0

I just want to ask you is it possible to get 32-bit operations on 8-bit architecture and if yes - how?

I thought about this for some time and the best idea I have is to typedef char[N] to get types from N byte size and then implement functions such as add(char *, char *).

Thanks in advance!

(I'm using about the 6502 processor)

b0kiii
  • 48
  • 6

4 Answers4

4

You have tagged your question as "C" so this answer takes this into consideration.

Most C compilers for 8-bit systems I know have long types. You can simply use these.


Having said this, how does it work?

All common 8-bit processors have a special 1-bit flag that receives the carry/borrow from 8-bit operations. And they have addition and subtraction instructions that take this flag into account. So a 32-bit add will be translated into this sequence:

    ; 1st operand in R0 to R3
    ; 2nd operand in R4 to R7
    ; addition works only with A(ccumulator)
    ; result goes into R0 to R3
    MOV     A,R0
    ADD     A,R4
    MOV     R0,A
    MOV     A,R1
    ADDC    A,R5
    MOV     R1,A
    MOV     A,R2
    ADDC    A,R6
    MOV     R2,A
    MOV     A,R3
    ADDC    A,R7
    MOV     R3,A

Think about how you do sums on paper. There is no need to add a carry on the rightmost digit, the least-significant one. Since there is "nothing" on the right, there is no carry. We can interpret each 8-bit step as one-digit operation on a digit of a number system of base 256.

For bit operations there is no need for a carry or borrow.


Another thought: What do you call an 8-bit system? When the instruction can just handle 8 bits in parallel, or when the data bus is just 8 bits wide?

For the latter case we can look at for example the 68008 processor.
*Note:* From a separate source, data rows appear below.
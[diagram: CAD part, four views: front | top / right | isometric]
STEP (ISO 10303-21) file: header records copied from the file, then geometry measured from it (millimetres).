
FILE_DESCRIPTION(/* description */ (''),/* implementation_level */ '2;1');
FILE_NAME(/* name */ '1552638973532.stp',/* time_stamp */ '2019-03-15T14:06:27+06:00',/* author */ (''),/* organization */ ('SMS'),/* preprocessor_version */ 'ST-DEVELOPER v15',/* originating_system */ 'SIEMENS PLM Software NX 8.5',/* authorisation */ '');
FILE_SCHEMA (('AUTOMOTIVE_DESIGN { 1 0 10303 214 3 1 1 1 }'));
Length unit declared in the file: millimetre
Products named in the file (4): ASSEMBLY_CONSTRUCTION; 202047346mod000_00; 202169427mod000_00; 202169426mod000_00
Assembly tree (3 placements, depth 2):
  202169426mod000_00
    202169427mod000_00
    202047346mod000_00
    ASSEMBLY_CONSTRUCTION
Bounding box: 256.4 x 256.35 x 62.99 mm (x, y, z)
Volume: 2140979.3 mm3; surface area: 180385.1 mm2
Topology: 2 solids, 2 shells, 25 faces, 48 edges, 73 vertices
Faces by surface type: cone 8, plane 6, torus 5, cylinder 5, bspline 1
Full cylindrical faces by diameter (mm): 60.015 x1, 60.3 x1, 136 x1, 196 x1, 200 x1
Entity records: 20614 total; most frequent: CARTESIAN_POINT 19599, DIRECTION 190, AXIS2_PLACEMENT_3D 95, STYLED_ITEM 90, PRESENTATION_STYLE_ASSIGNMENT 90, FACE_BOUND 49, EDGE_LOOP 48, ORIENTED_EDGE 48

Internally a 32-bit processor its data bus has only 8 bits. Here you will use the 32-bit instructions. If the processor reads or writes a 32-bit value from/to memory it will generate 4 consecutive access cycles automatically.

the busybee
  • 10,755
  • 3
  • 13
  • 30
0

Many (all that I know of...) CPUs have so called "carry flag" (1 bit), which is set when addition or substraction causes wrap-around. It is basically an extra bit for calculations. Then they have versions of addition and substraction, which include this carry flag. So you can do (for a example) 32-bit addition by doing 4 8-bit additions with carry.

Pseudocode example, little endian machine (so byte 0 of 4 byte result is the least significant byte):

carry,result[0] = opA[0] + opB[0]
carry,result[1] = opA[1] + opB[1] + carry
carry,result[2] = opA[2] + opB[2] + carry
carry,result[3] = opA[3] + opB[3] + carry
if carry == 1, overflow the 32 bit result

The first addition instruction might be called ADD (does not include carry, just sets it), while the following additions might be called ADC (includes carry and sets it). Some CPUs might have just ADC instruction, and reguire clearing the carry flag first.

hyde
  • 60,639
  • 21
  • 115
  • 176
0

If you use the standard int / long types, the compiler will automatically do the right thing. long has (at least) 32 bit, so no need for working with carry bits manually; the compiler is already capable of that. If possible, use the standard uint32_t/int32_t types for readability and portability. Examine the disassembled code to see how the compiler deals with 32 bit arithmetics.

Erlkoenig
  • 2,664
  • 1
  • 9
  • 18
0

In general, the answer to "Can I do M-bit arithmetic on a processor which has only N bits?" is "Certainly yes!"

To see why: back in school, you probably learned your addition and multiplication tables for only up to 10+10 and 10×10. Yet you have no trouble adding, subtracting, or multiplying numbers which are any number of digits long.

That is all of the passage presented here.